RECORDS PROVIDED.

☆ ☆ ☆ ☆

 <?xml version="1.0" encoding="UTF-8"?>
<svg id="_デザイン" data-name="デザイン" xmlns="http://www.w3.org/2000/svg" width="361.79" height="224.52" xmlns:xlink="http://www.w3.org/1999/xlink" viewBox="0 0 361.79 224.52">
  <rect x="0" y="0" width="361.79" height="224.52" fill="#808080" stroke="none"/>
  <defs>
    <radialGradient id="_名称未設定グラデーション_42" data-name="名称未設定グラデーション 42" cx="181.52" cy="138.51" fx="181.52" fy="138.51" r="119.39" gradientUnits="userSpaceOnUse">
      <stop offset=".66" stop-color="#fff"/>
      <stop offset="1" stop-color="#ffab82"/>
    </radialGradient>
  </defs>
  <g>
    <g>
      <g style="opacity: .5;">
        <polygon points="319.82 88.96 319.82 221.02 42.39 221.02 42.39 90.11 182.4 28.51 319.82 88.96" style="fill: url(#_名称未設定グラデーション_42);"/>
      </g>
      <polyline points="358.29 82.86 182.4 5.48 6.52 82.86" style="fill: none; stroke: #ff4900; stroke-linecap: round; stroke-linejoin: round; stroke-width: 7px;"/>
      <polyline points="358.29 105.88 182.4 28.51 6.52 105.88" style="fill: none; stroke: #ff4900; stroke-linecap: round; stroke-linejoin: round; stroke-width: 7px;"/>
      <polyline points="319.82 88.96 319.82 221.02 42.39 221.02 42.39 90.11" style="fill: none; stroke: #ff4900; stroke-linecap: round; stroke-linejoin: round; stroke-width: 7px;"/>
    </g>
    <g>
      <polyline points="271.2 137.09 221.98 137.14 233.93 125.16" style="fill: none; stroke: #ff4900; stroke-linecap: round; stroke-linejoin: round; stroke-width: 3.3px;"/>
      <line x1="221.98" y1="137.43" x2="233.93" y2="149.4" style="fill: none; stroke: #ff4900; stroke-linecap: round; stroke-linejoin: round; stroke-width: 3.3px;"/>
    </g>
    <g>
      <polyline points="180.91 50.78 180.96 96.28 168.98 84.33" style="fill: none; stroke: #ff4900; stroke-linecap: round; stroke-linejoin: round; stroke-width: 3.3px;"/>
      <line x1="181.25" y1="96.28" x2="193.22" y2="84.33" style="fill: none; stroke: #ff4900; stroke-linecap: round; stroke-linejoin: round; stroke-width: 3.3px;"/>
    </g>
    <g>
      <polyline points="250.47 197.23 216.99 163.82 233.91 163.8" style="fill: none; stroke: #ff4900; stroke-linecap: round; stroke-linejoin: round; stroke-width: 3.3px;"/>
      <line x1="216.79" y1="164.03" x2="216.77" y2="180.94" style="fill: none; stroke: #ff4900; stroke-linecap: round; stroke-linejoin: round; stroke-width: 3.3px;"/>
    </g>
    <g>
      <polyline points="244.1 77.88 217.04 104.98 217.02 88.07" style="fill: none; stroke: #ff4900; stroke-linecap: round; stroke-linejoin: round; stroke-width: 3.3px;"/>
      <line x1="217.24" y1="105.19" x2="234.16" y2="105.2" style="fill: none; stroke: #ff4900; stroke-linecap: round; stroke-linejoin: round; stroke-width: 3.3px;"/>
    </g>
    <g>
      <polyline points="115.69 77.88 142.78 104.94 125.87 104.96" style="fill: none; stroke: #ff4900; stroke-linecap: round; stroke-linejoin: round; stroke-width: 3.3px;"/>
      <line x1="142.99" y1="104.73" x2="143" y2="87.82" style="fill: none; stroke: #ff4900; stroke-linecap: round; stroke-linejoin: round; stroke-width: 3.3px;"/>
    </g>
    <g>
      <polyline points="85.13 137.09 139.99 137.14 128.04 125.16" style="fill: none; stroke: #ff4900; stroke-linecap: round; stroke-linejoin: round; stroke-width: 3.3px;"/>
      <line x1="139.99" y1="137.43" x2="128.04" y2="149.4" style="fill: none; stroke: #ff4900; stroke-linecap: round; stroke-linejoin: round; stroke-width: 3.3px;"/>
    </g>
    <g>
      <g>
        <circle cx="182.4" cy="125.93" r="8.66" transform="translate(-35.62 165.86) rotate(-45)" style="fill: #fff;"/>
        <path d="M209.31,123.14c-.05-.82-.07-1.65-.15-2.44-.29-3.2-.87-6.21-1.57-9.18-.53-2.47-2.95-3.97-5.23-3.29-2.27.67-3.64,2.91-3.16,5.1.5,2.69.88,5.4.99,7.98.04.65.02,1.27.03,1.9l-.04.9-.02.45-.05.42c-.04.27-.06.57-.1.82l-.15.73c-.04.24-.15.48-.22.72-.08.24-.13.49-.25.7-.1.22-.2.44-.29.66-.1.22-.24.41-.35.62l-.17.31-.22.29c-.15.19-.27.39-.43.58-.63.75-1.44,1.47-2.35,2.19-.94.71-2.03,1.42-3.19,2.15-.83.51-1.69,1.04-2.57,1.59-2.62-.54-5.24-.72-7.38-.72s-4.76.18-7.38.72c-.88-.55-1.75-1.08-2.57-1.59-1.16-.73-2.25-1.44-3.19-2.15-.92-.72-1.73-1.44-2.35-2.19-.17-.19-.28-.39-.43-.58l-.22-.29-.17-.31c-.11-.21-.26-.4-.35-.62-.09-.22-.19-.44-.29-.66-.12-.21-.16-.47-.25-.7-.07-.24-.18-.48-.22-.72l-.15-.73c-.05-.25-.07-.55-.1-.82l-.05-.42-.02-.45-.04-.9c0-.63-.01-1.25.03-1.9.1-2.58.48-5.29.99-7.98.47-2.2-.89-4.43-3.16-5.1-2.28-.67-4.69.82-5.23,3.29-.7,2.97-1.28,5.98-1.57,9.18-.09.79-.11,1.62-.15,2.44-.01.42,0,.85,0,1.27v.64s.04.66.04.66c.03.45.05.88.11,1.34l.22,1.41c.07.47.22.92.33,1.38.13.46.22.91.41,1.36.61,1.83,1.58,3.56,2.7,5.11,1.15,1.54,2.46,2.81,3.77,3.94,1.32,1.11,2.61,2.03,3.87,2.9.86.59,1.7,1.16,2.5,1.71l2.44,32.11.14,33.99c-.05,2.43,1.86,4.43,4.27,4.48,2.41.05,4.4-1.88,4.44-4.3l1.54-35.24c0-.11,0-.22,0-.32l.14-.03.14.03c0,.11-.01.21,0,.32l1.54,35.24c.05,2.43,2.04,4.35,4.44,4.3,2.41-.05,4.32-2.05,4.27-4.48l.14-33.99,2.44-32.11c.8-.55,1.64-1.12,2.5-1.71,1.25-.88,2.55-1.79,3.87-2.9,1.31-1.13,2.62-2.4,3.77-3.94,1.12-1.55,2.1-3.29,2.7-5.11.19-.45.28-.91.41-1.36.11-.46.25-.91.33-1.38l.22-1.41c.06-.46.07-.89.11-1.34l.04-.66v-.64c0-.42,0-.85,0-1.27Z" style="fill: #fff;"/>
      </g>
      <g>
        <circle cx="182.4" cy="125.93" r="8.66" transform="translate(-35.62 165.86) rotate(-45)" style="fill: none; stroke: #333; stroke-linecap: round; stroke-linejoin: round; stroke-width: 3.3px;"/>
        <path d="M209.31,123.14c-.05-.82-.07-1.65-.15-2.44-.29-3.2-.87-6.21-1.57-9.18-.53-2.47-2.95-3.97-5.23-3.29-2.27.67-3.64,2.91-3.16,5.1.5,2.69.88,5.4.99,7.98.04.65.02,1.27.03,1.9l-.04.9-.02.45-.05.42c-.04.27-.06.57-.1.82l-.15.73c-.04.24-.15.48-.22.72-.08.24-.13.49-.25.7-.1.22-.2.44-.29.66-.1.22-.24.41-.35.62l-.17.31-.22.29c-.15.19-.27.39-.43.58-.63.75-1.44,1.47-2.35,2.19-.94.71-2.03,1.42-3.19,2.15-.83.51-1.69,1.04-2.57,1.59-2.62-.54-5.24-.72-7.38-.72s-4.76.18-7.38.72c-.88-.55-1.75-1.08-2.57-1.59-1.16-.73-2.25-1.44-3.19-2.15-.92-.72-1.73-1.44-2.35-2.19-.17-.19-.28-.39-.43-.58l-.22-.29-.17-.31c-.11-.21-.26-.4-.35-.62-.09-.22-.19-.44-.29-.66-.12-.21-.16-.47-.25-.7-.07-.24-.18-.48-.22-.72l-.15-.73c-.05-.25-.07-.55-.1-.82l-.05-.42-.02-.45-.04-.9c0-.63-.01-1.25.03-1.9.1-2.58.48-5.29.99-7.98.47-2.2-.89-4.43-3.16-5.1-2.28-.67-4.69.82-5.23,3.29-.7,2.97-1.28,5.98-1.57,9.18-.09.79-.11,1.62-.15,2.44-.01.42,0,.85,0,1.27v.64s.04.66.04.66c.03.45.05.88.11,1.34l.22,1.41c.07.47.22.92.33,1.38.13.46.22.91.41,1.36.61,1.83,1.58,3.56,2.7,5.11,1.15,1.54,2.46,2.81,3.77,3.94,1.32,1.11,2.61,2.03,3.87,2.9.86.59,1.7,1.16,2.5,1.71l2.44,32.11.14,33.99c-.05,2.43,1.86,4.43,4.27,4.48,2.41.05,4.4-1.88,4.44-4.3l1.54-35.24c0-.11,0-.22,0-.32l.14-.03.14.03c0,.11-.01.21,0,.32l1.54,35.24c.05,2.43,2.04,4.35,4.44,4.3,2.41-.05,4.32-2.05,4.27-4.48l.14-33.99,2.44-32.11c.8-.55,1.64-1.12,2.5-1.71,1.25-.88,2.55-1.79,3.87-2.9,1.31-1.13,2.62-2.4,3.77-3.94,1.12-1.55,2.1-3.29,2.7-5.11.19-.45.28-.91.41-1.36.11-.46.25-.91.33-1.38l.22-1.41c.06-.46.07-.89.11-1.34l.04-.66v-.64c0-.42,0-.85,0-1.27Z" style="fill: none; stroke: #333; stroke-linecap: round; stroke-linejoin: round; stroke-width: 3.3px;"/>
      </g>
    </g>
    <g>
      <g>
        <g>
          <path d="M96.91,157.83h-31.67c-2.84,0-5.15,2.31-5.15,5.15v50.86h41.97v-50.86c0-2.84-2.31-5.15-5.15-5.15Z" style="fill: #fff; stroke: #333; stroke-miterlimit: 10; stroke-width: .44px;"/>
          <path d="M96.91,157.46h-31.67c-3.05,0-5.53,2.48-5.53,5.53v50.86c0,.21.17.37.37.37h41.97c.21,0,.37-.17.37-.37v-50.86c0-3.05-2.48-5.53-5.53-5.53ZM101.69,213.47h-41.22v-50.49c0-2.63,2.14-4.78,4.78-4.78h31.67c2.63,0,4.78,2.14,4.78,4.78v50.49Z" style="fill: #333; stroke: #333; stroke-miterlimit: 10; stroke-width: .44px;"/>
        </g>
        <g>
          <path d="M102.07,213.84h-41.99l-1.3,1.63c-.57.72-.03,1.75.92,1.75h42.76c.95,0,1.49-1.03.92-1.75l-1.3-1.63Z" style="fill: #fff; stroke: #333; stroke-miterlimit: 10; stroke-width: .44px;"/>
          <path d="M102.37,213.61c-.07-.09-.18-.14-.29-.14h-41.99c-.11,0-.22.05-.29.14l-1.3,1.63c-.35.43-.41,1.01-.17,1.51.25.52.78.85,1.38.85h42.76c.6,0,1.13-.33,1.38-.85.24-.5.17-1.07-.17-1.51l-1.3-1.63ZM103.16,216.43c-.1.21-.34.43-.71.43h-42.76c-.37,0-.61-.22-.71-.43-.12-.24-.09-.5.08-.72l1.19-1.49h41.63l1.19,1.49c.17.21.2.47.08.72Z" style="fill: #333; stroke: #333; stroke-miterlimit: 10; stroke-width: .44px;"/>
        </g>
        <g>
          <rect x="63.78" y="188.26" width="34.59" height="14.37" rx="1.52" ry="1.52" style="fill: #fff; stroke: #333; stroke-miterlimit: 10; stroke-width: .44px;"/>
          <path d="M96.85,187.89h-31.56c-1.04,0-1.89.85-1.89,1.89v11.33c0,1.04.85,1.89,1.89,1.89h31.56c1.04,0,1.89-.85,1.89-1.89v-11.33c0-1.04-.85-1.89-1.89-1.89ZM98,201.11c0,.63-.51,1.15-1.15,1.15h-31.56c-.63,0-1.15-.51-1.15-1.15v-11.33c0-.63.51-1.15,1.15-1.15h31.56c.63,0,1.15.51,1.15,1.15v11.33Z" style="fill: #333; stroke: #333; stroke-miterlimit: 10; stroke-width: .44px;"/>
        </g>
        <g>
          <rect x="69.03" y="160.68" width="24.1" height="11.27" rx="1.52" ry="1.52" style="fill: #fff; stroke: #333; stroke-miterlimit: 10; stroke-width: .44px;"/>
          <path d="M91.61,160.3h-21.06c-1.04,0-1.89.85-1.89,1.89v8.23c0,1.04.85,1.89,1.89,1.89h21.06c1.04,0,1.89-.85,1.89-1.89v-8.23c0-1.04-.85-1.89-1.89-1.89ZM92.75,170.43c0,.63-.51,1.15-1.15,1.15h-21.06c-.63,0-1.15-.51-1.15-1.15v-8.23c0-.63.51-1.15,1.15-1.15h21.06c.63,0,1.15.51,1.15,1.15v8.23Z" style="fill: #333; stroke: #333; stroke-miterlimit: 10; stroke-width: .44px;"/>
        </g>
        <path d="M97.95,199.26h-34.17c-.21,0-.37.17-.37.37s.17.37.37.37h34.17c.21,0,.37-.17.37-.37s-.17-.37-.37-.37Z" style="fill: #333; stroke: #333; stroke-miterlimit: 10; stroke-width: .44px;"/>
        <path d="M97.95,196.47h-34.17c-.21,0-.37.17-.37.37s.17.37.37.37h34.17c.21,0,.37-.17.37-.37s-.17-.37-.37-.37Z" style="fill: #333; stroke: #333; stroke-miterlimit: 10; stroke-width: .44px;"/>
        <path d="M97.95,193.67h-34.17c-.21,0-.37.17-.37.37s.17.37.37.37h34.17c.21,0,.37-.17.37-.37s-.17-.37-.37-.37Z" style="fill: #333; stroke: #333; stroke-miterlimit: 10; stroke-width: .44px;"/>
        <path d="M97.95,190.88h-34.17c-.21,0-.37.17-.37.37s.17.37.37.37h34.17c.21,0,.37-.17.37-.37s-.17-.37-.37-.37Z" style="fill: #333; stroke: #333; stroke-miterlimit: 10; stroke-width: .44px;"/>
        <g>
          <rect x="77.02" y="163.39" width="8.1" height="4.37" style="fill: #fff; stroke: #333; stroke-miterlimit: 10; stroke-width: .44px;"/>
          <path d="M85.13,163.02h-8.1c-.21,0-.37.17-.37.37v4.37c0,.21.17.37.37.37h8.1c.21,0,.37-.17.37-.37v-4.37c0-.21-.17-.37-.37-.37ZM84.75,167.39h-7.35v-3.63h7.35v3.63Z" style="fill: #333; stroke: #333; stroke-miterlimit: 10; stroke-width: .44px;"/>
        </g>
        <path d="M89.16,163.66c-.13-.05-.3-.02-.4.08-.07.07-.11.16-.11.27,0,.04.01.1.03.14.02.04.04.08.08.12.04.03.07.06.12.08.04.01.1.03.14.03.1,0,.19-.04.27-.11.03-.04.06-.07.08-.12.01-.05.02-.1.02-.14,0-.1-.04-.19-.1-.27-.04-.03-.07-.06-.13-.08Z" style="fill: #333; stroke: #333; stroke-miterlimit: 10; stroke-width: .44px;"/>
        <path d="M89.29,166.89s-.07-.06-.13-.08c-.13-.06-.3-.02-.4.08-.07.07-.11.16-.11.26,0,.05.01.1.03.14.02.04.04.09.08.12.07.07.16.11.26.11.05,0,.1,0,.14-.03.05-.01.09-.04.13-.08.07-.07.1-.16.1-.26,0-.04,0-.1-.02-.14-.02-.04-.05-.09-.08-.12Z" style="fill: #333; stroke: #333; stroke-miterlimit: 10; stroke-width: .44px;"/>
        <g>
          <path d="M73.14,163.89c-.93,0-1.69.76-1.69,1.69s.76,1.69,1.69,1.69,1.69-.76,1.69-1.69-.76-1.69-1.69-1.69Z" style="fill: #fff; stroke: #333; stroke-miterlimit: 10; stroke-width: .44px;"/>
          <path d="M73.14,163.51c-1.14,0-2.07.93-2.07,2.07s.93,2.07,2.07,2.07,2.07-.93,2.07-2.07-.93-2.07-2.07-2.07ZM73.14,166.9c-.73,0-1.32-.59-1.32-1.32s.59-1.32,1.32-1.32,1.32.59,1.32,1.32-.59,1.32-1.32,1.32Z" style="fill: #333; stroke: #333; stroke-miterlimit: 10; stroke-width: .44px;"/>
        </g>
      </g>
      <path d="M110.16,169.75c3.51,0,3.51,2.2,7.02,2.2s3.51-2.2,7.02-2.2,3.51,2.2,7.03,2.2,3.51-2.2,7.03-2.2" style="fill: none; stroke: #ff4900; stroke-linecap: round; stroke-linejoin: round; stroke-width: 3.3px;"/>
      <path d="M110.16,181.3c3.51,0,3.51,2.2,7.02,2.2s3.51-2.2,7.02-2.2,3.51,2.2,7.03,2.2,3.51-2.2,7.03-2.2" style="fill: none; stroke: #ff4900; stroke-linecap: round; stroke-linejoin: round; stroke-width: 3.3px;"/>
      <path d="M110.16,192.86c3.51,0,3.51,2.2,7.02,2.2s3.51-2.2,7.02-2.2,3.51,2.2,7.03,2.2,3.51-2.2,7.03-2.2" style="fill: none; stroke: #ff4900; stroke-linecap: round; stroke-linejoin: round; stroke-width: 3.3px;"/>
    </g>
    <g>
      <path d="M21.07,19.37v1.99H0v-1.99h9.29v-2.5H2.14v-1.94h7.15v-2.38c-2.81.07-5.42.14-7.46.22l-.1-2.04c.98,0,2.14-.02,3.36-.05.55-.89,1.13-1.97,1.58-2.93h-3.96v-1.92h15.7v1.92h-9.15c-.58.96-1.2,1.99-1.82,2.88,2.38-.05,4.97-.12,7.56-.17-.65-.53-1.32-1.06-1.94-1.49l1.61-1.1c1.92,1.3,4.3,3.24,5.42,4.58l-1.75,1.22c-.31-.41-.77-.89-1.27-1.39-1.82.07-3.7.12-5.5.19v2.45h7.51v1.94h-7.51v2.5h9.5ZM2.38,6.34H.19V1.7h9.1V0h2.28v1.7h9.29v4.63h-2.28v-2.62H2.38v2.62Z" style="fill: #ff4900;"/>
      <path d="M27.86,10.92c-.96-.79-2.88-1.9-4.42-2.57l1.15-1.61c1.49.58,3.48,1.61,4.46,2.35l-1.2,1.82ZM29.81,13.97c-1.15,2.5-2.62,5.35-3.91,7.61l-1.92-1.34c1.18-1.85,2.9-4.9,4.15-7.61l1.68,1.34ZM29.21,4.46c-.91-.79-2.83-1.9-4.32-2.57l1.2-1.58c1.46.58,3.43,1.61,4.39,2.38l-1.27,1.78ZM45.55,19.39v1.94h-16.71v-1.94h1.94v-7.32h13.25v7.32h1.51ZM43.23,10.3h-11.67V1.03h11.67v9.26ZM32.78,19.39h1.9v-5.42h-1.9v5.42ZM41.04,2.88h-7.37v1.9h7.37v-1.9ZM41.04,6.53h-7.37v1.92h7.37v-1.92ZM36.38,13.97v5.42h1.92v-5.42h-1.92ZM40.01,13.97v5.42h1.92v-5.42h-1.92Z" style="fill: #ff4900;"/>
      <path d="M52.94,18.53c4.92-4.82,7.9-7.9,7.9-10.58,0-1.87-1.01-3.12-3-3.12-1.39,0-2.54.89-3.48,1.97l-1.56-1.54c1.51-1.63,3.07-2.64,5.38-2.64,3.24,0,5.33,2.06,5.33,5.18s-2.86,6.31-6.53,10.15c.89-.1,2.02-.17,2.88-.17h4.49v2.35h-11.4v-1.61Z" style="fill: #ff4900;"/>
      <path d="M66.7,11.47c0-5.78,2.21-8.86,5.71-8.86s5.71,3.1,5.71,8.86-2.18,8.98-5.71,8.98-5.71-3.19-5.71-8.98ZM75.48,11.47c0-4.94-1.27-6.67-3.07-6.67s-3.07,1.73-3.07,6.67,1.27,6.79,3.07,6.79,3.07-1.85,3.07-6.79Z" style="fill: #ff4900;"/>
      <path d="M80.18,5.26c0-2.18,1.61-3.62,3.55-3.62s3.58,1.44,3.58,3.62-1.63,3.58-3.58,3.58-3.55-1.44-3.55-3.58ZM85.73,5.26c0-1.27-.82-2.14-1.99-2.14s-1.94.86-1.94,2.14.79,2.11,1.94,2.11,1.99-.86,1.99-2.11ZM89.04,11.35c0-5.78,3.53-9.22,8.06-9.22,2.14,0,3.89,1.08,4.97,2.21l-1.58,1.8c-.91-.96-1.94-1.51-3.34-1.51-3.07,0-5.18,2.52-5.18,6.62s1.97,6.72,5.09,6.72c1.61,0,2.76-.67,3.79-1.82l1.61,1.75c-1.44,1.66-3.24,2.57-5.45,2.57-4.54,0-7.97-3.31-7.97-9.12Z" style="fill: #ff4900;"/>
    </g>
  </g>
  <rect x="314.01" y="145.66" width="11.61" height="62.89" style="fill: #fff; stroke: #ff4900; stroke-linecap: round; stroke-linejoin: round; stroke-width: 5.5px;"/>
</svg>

☆ ☆ ☆ ☆

EXERCISE BRIEF. Your task is to restate, word for word, the lines from the beginning of the records to the line with "137.09 221.98 137.14", inclusive.

RESPONSE BELOW.
 <?xml version="1.0" encoding="UTF-8"?>
<svg id="_デザイン" data-name="デザイン" xmlns="http://www.w3.org/2000/svg" width="361.79" height="224.52" xmlns:xlink="http://www.w3.org/1999/xlink" viewBox="0 0 361.79 224.52">
  <rect x="0" y="0" width="361.79" height="224.52" fill="#808080" stroke="none"/>
  <defs>
    <radialGradient id="_名称未設定グラデーション_42" data-name="名称未設定グラデーション 42" cx="181.52" cy="138.51" fx="181.52" fy="138.51" r="119.39" gradientUnits="userSpaceOnUse">
      <stop offset=".66" stop-color="#fff"/>
      <stop offset="1" stop-color="#ffab82"/>
    </radialGradient>
  </defs>
  <g>
    <g>
      <g style="opacity: .5;">
        <polygon points="319.82 88.96 319.82 221.02 42.39 221.02 42.39 90.11 182.4 28.51 319.82 88.96" style="fill: url(#_名称未設定グラデーション_42);"/>
      </g>
      <polyline points="358.29 82.86 182.4 5.48 6.52 82.86" style="fill: none; stroke: #ff4900; stroke-linecap: round; stroke-linejoin: round; stroke-width: 7px;"/>
      <polyline points="358.29 105.88 182.4 28.51 6.52 105.88" style="fill: none; stroke: #ff4900; stroke-linecap: round; stroke-linejoin: round; stroke-width: 7px;"/>
      <polyline points="319.82 88.96 319.82 221.02 42.39 221.02 42.39 90.11" style="fill: none; stroke: #ff4900; stroke-linecap: round; stroke-linejoin: round; stroke-width: 7px;"/>
    </g>
    <g>
      <polyline points="271.2 137.09 221.98 137.14 233.93 125.16" style="fill: none; stroke: #ff4900; stroke-linecap: round; stroke-linejoin: round; stroke-width: 3.3px;"/>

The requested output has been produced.